A second, closely related principle that couples can embrace is the idea from Buddhist philosophy of “no blame.” Blame and criticism in relationships often hurt the other person and push people apart. A Course in Miracles clarifies the ego-logic of blame and attack (of which criticism is a form):

Anger cannot occur unless you believe that you have been attacked, that your attack is justified in return, and that you are in no way responsible for it. (T-6.in.1:3)

All blame, attack, and justification are hallmarks of the ego part of the mind. They oppose love, because the ego does not understand what love is. The ego is never wrong or at fault. Instead, it delights in blaming and attacking the other person. It is an expert at being divisive, evoking fear, and promoting the supremacy of separate interests. This very effectively leads to unhappiness. As an alternative, the principle of no blame endeavors to look past the other person’s behavior. This is love-based thinking, because love does not condemn. Instead, love seeks to understand and to accept. Like the Bible verse so often quoted at weddings says, “love is patient, love is kind” (from 1 Corinthians 13).

The third principle the partners can embrace to help them to lose all sense of separate interests, is active forgiveness, whether of the other person, of oneself, or both. I have described Course-style forgiveness in several other posts in this blog (see for example, “On Needing a Lover who Won’t Drive You Crazy,” published June 9th, 2020). Here I want to mention a different approach to forgiveness, one that does not depend on embracing the metaphysics of A Course in Miracles. I have already mentioned components of this approach above: listening to the other person instead of insisting on being right, working to accept and understand the other person, instead of blaming and attacking them, and endeavoring to look beyond the other person’s behavior, rather than condemning them for it. More generally, active forgiveness means making a conscious, ongoing commitment to giving up ego thinking and ego strategies. It means inviting in love-based thinking, union, and connection with the other person, as well as kindness and compassion for oneself. This commitment does not mean instant success in giving up ego thinking, as that is both unlikely and unreasonable. What matters is the willingness itself: 

The desire and the willingness to let it come precede its coming. You prepare your mind for it only to the extent of recognizing that you want it above all else. (T-18.IV.1:3-4)
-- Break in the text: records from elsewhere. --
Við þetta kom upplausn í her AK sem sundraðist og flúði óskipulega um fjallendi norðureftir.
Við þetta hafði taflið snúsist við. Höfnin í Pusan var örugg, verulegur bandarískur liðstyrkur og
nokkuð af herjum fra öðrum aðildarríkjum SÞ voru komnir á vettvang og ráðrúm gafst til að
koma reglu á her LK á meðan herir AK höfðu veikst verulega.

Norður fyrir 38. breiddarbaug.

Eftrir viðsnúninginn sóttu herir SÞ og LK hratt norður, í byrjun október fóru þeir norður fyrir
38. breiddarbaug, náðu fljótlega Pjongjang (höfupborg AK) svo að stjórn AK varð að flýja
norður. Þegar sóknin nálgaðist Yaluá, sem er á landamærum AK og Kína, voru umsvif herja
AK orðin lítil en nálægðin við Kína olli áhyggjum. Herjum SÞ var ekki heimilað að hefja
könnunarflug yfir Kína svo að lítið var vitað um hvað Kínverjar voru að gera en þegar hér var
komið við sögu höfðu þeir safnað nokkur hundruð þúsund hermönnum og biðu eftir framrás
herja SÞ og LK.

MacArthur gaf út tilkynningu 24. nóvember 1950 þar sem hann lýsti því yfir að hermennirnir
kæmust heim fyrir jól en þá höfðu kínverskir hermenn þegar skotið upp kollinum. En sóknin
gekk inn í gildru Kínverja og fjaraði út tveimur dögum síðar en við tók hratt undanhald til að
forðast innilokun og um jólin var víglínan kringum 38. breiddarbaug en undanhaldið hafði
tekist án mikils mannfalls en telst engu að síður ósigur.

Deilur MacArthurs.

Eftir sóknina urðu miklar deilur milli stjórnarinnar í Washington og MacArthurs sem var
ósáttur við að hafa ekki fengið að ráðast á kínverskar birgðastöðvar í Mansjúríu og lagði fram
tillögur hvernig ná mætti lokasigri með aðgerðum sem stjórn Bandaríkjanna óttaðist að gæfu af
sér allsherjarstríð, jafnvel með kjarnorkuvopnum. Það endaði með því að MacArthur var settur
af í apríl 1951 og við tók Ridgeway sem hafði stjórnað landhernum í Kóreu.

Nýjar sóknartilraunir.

The “it” here is the choice for love, which the Course calls, “the holy instant,” and describes as being outside of time. Be that as it may, thinking along the lines of love here in time leads to closeness with the other person and improves the relationship.
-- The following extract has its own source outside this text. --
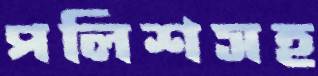
পলিশসহ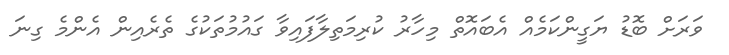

At the start of most romantic relationships, shared interests come naturally. Two people are usually drawn together because they enjoy one another. There is often a spark between them, along with laughter. They spend time together and gravitate closer and closer. Instinctively, two people join as one. Somewhere along the way, though, many couples experience this sense of joining becoming challenged. Sometimes the challenge is so severe or the challenges are so chronic that the two people part ways. But for those for whom it makes sense to work to transcend the sense of separate interests, I want to share a last quote from A Course in Miracles. It invites back into awareness what for many couples was familiar in their “early days” or years:

… each one learns that giving and receiving are the same. The demarcations they have drawn between their roles, their minds, their bodies, their needs, their interests, and all the differences they thought separated them from one another, fade and grow dim and disappear. (M-2.5:5-6)


A Course in Miracles is published by The Foundation for Inner Peace. All the books comprising the Course, along with the supplemental pamphlets, are now found online:

https://acim.org/acim/en

All quotations of A Course in Miracles in this blog post are drawn from this version of the Course.